I’m not sure the three would have gotten along particularly well at a dinner party – Constance Gordon-Cumming was used to dining at the tables of the British Establishment wherever she visited – Governors, Consuls, Vicars - while Benjamin Couch “BC” Henry was invariably described as ‘assiduous’, certainly pious, and diligent in cataloguing his plant specimens. Harry Hervey was exuberant, thrilled to be in “the East”, seeking the exotic, the Oriental, and the vibrant to describe in his flamboyant prose. One Scotswoman and two very different Americans. Yet they all left detailed and historically useful records of their travels. They all had unique experiences worth recalling and reprinting to read once again.

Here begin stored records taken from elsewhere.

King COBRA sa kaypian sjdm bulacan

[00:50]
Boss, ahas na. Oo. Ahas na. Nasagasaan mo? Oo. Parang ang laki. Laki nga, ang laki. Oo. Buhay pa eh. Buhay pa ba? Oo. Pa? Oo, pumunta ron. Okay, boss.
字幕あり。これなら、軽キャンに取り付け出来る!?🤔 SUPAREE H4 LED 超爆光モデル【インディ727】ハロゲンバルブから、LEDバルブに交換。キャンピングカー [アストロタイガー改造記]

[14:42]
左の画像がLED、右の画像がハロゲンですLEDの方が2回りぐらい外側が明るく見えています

BC Henry spent the last three decades of the nineteenth century in Guangdong proselytising, teaching divinity, and collecting plants. Such were his botanical contributions there is even a rhododendron named after him – Henry’s Red, a highly valued landscape ornamental. In his 1886 book Ling-Nam (basically a catch all term for Southern China not dissimilar to what is now more boringly referred to as the Greater Bay Area) he takes us through the narrow streets of Canton (Guangzhou) he came to know so well. Temples, tradesmen, hawkers, and monks proliferate. But the uniqueness of Ling-Nam is that Henry was the first westerner to seriously explore life on Hainan Island. In the 1880s Hainan is remote, barely known even to those closest on the mainland. Nothing more than subsistence coconut farming, a little fishing, and remote villages. For those that have visited Hainan – now the “Hawaii of China” and the permanent home of Miss World! – it is an eye opener to the island 130 years ago. Henry was a missionary, but in these excerpts from Ling-Nam his stubborn Christian certainties are kept to a minimum and we focus on the laneways of Canton and the unknown hamlets of Hainan. 

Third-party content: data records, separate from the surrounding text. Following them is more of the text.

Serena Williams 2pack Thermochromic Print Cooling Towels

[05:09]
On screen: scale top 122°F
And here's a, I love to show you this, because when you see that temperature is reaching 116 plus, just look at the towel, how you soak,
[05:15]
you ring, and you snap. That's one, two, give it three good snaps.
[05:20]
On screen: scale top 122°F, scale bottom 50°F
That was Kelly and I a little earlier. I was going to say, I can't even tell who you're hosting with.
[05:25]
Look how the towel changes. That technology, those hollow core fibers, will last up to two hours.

Constance Gordon-Cumming was no less certain of her Christian faith or the supremacy of the British Empire, but in her book Wanderings in China we get a first-hand account of the 1878 Great Fire of Hong Kong. On Christmas Day the entire Mid-Levels district was burnt to the ground. Wander through the narrow streets of the area today and it is a charming cluster of independent shops and restaurants in stone shop-house-style buildings. But these replaced the burnt and gutted wooden Chinese merchant stores that existed before. Constance saw it all and wrote it all up. She also takes an extended walk through old Canton and then finally visits Happy Valley for race day in February 1879. 

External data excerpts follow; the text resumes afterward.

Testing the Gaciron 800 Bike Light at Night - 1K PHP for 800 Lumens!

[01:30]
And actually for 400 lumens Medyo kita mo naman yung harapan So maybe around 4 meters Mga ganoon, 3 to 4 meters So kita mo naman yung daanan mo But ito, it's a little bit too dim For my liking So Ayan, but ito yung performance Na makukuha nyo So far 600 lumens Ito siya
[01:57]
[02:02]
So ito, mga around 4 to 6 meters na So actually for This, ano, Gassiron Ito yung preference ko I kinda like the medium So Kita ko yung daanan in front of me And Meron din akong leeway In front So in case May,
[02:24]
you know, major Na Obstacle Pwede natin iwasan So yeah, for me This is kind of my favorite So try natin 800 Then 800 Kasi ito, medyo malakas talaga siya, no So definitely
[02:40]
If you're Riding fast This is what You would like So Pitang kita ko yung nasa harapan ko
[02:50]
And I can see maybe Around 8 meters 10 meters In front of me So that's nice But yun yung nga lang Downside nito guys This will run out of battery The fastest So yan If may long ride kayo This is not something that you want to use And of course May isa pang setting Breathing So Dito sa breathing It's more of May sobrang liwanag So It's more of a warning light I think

And finally Harry Hervey. Harry so wanted to see China he had perhaps fixed his ideas of the country before he came – exotic being what he so desperately wanted to find. Perhaps his book, Where Strange Gods Call (1924) is an example of a travel writer’s “confirmatory analysis” – he sees China as he wants it to be, rather than as it is. But he has a highly descriptive stream-of-consciousness prose that is engaging. Hervey takes us through Hong Kong’s Kennedy Town, then a district of opium dens, brothels, and variegated Cantonese opera theatres from high to low. As a dedicated Bohemian he is thrilled to finally find himself in a Macao casino. But then in Canton, again wandering those narrow streets (importantly just before Governor Chen Jitang’s extensive bulldozing and modernising of the city that eradicated so much of old Canton) Hervey unexpectedly encountered Dr Sun Yat-sen. He subsequently secured what may have been (as Sun died in early 1925) one of the last interviews with the creator of the Chinese Republic. 

Details: the volumes in China Revisited are published in paperback by Blacksmith Books (Hong Kong), priced in local currencies. Volume 4 will be published later in 2023 with new books following at 6-month intervals.